*Record extracts*
+--

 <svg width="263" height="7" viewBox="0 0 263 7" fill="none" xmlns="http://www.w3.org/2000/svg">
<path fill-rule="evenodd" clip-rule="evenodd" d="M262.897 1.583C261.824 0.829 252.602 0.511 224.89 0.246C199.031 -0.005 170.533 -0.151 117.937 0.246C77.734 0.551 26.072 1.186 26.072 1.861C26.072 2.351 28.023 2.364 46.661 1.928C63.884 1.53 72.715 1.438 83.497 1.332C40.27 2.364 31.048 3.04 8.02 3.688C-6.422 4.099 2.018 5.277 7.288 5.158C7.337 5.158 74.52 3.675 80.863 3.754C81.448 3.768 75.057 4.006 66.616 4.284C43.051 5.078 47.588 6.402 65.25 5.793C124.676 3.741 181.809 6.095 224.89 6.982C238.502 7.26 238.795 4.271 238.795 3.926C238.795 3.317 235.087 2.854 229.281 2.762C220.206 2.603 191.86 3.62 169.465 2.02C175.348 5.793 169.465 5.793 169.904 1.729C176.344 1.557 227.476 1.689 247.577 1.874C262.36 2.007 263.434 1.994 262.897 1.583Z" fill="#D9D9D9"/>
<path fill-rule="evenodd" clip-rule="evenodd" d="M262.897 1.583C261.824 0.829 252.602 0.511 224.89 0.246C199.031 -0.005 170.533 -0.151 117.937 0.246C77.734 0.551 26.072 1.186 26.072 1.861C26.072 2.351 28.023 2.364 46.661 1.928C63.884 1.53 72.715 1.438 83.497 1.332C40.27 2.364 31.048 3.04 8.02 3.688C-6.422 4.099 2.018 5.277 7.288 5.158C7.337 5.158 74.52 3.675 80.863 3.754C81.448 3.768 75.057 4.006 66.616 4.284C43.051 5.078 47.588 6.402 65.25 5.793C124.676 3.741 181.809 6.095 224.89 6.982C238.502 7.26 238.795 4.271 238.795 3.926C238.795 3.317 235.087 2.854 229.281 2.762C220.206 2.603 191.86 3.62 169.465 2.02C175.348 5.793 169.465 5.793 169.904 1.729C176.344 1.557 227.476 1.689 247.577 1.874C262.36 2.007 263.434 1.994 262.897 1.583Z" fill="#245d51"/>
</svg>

+--

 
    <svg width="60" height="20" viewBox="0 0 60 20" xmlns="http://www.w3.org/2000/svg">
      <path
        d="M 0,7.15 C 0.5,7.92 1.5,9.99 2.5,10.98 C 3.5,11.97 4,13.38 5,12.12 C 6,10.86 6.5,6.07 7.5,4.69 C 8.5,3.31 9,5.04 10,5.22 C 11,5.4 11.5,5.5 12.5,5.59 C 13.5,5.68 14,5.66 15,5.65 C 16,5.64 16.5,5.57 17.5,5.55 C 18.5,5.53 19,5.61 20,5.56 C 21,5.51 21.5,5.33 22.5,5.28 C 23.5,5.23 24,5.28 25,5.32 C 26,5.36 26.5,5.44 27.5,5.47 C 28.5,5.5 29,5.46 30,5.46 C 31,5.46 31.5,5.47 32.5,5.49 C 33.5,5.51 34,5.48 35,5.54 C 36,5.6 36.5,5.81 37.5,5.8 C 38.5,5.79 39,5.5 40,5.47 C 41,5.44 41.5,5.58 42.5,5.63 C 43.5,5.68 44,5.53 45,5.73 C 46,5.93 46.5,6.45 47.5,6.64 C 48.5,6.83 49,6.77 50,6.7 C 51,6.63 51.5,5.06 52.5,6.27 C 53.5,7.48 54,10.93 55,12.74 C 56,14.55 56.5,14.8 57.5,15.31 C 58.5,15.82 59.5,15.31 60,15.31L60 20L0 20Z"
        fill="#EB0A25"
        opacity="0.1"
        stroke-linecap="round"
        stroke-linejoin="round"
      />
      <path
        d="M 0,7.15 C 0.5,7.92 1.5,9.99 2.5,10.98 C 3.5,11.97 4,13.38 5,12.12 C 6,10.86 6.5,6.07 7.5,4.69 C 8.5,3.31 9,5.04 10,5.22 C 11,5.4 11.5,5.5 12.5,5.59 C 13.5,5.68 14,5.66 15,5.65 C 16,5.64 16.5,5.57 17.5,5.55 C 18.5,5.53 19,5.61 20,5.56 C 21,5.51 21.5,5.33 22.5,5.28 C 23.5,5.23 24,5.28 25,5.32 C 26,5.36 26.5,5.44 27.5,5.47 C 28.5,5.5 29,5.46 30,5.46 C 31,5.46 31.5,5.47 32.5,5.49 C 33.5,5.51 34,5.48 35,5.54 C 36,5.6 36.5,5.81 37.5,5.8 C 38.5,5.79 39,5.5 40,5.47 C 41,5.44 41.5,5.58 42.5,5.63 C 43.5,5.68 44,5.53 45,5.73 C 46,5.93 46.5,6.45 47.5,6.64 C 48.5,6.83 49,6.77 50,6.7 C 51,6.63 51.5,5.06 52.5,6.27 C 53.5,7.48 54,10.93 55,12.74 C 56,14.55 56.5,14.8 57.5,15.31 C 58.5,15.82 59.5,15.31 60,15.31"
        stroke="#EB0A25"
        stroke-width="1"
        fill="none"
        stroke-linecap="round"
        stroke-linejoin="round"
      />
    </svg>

+--

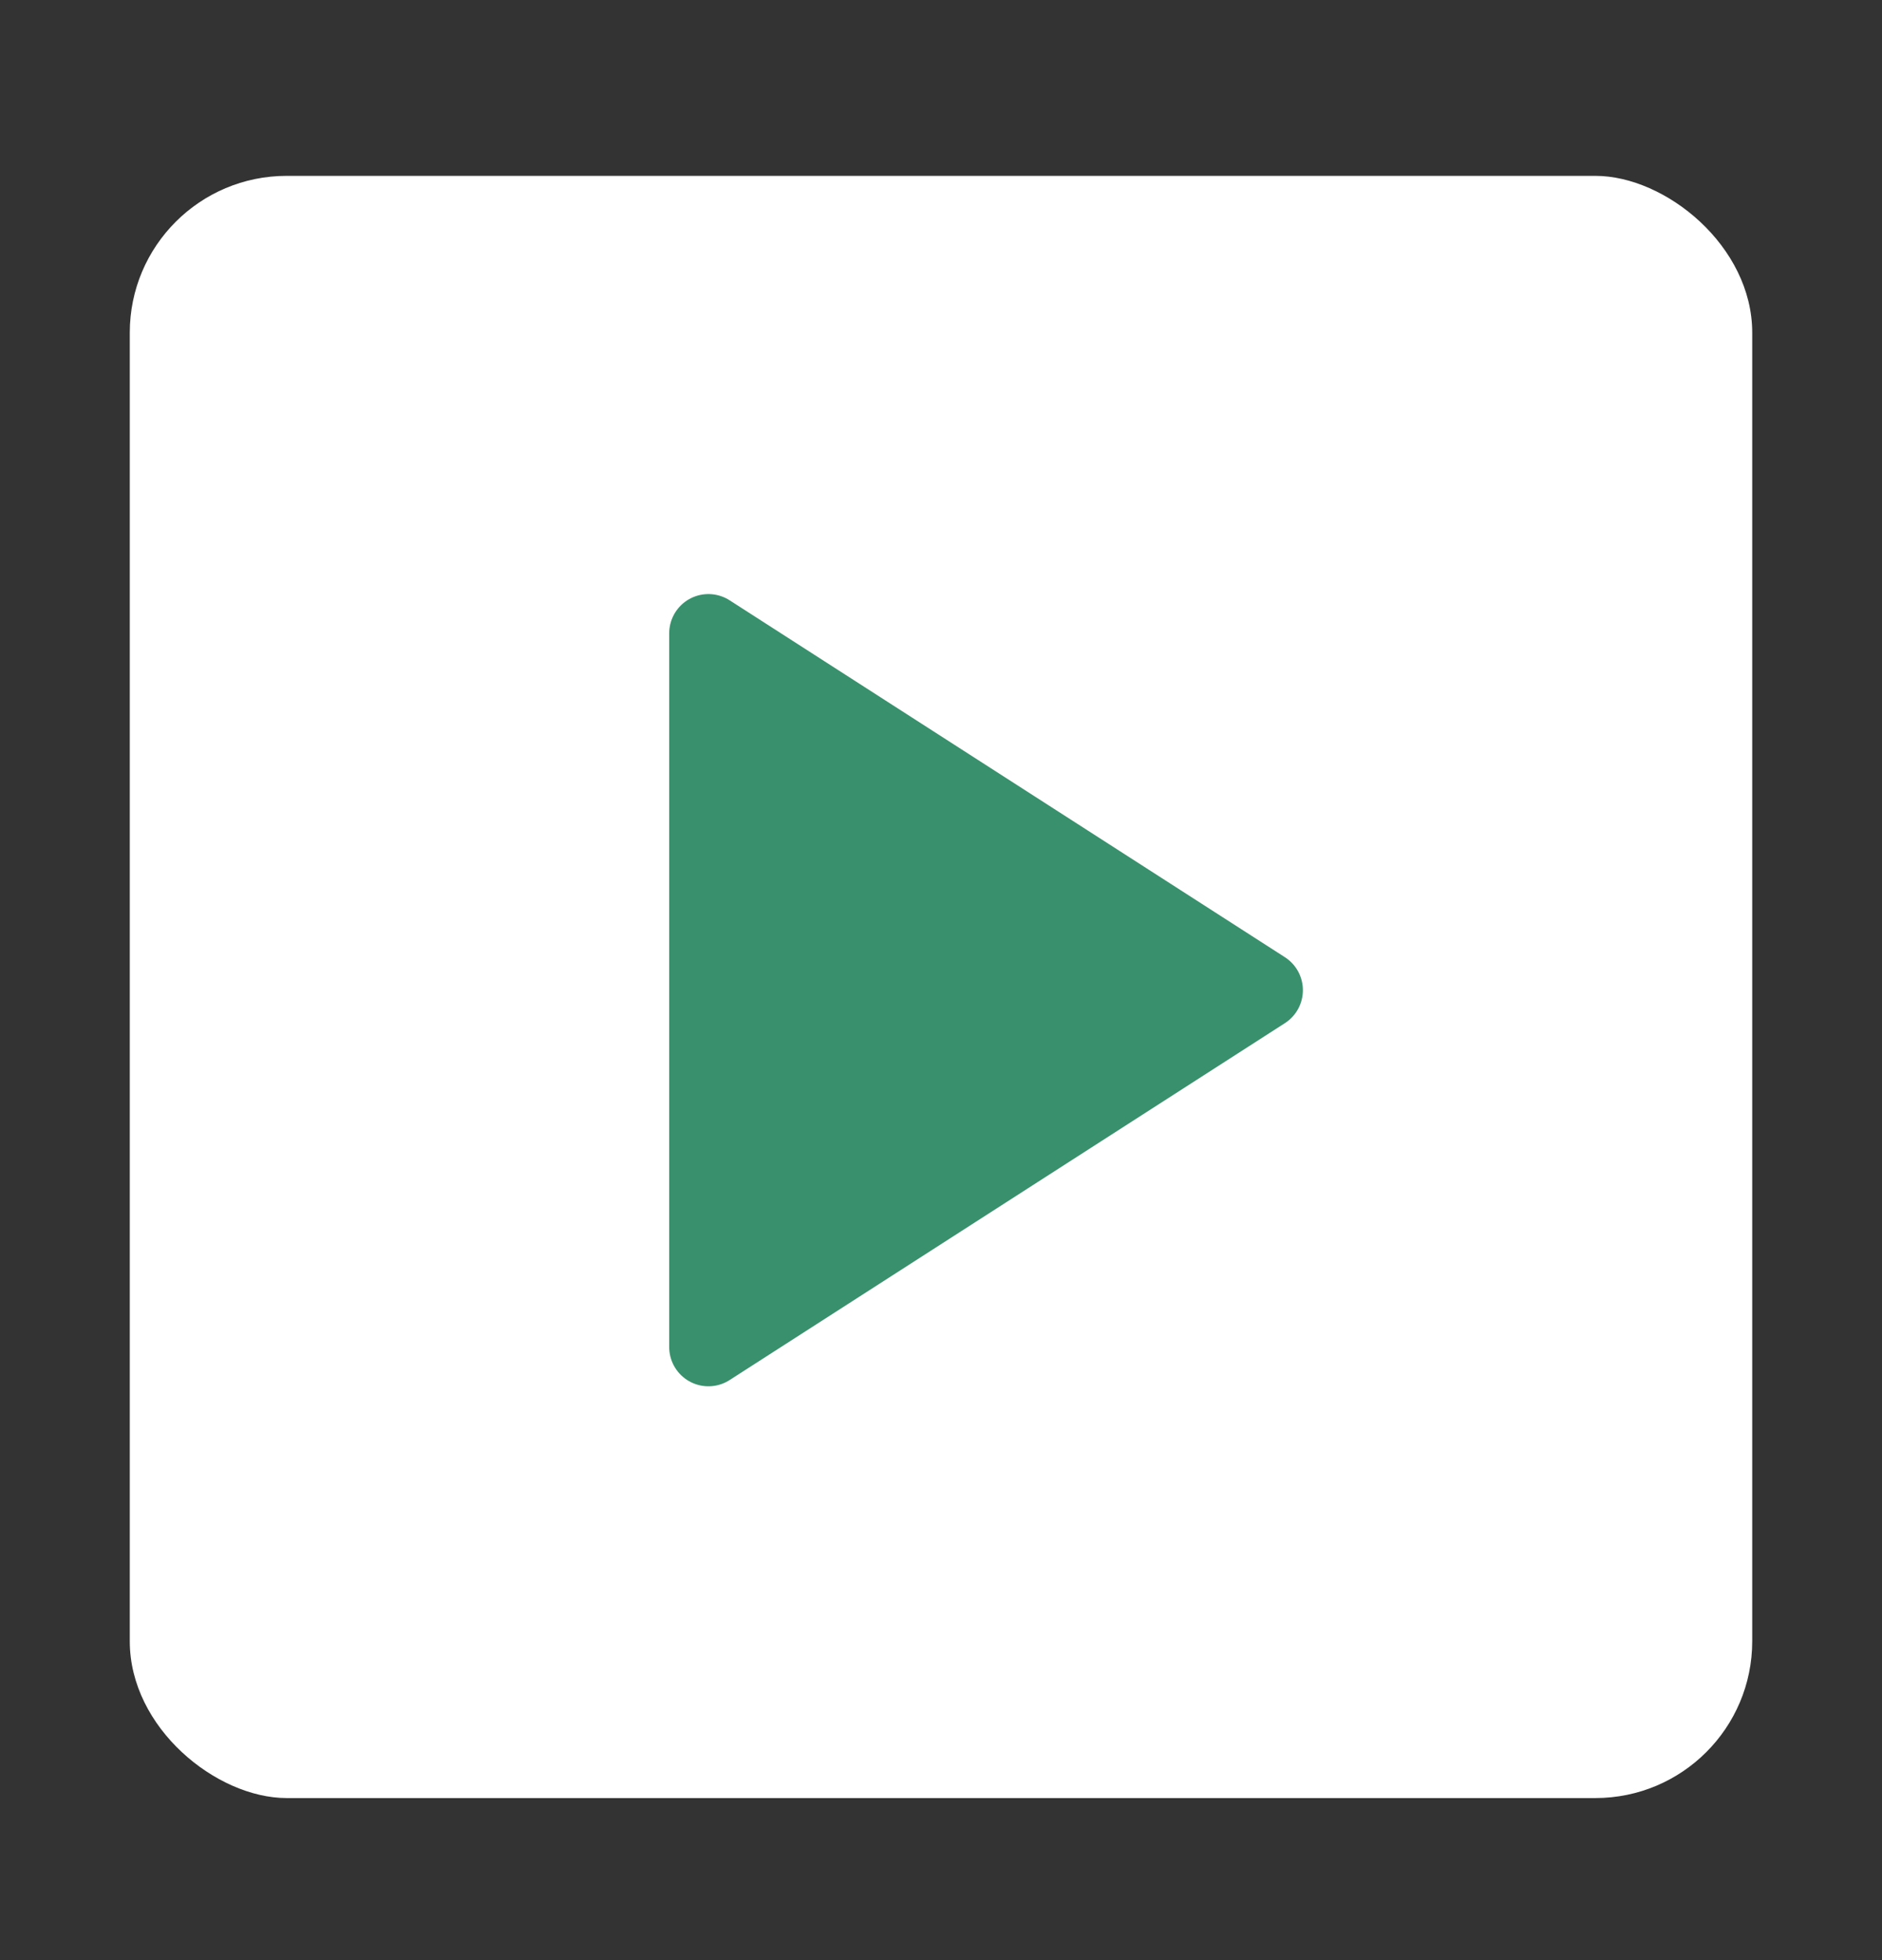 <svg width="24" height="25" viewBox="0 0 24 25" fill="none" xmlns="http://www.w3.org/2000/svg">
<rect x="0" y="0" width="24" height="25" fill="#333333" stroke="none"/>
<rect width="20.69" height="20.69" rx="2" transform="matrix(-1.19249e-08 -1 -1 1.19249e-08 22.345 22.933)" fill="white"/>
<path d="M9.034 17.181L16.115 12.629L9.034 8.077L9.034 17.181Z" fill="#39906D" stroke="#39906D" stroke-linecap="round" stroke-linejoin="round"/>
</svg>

+--

*Goal of the exercise*
Take every line from the listing above that includes the word "rect" and copy it.

*The completed task*
<rect x="0" y="0" width="24" height="25" fill="#333333" stroke="none"/>
<rect width="20.69" height="20.69" rx="2" transform="matrix(-1.19249e-08 -1 -1 1.19249e-08 22.345 22.933)" fill="white"/>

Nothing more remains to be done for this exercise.